Why not 🟢 Confirmed?¶
The within-data evidence is strong at the audit level: sham permutation rejects at p < 1/2,000 (32 σ above null), the leakage audit preserves AUC > 0.85, the universe matrix shows row-by-row scope discipline, and the standardized-diff battery rules out within-stratum volume artifact. By the rubric of audit-survival claims, H3 is near-exhaustive.
So why not 🟢? Two artifact families remain untested by any within-data audit:
-
Data-generating process artifacts. BEC missingness, CNPJ-root collision (only 8 digits → possible aggregation across distinct firms with shared root), and CADE adjudication completeness bias. These are not "audits" but structural properties of the data lake. No within-data permutation can rule them out.
-
Selection on CADE adjudication.
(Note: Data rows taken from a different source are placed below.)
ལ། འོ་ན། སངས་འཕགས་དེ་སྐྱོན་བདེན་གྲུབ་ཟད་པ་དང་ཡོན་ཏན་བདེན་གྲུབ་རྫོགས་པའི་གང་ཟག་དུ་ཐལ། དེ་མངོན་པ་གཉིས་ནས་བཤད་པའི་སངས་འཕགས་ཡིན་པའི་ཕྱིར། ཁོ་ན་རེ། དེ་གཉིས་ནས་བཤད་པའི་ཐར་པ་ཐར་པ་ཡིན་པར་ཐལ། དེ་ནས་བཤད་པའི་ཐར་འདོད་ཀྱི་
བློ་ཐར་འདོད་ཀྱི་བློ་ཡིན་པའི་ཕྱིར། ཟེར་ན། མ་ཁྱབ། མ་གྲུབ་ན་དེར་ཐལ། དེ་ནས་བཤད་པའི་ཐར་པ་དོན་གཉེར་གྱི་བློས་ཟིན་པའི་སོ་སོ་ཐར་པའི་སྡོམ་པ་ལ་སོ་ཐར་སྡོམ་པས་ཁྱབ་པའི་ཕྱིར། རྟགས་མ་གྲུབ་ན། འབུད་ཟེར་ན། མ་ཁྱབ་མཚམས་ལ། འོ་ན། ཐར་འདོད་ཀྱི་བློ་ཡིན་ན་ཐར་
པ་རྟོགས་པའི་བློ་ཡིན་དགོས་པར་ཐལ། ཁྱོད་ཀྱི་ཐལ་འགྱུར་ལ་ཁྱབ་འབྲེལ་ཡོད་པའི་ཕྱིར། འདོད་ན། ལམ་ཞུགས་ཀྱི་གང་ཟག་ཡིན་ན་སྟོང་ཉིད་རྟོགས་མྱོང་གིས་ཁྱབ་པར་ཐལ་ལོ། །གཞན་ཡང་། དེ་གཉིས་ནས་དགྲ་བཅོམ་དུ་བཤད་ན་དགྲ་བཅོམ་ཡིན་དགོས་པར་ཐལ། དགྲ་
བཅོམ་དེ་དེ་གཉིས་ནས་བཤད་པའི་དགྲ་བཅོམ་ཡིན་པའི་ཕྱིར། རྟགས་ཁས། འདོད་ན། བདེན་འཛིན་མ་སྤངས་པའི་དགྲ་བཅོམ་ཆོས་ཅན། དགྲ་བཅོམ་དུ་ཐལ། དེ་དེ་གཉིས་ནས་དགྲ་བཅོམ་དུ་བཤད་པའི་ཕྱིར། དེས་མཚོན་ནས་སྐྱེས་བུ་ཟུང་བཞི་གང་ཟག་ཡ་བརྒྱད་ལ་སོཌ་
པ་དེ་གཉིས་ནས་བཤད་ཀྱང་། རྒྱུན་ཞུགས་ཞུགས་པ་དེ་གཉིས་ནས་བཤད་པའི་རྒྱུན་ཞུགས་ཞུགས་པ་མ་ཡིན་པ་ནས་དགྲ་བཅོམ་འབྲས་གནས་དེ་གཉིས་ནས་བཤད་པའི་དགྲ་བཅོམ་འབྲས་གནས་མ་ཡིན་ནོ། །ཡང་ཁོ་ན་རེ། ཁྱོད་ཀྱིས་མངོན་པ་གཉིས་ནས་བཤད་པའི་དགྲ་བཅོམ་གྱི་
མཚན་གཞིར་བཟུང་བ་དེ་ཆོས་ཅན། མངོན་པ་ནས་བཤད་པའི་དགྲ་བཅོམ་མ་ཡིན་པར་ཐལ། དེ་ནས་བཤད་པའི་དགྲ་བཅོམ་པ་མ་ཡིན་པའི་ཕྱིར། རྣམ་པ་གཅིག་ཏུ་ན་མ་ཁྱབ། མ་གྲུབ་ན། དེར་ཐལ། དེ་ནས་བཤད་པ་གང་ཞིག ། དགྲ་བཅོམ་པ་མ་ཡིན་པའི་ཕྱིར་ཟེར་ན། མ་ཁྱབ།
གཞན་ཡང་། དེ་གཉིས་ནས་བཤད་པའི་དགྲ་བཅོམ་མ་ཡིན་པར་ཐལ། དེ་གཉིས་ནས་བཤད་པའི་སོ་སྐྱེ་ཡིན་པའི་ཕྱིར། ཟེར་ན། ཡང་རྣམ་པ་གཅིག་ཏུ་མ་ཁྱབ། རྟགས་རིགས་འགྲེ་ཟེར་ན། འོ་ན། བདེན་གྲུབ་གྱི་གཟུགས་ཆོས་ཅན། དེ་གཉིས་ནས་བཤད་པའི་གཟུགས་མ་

The cobidder set is defined relative to the CADE adjudications that exist in 2009–2019. If CADE selects which cartels to adjudicate non-randomly (e.g., easier cases, larger-impact cases, politically prominent cases), the loser-side signal could be tracking that selection rather than cartel-adjacent behavior in general.
Both can only be ruled out by replication on a non-BEC panel (ComprasNet federal, another state's e-procurement, or another country's data) with an independent cartel anchor. Until that exists, H3 stays at Partial (strongly supported), consistent with the project-wide rule documented in findings/index.md.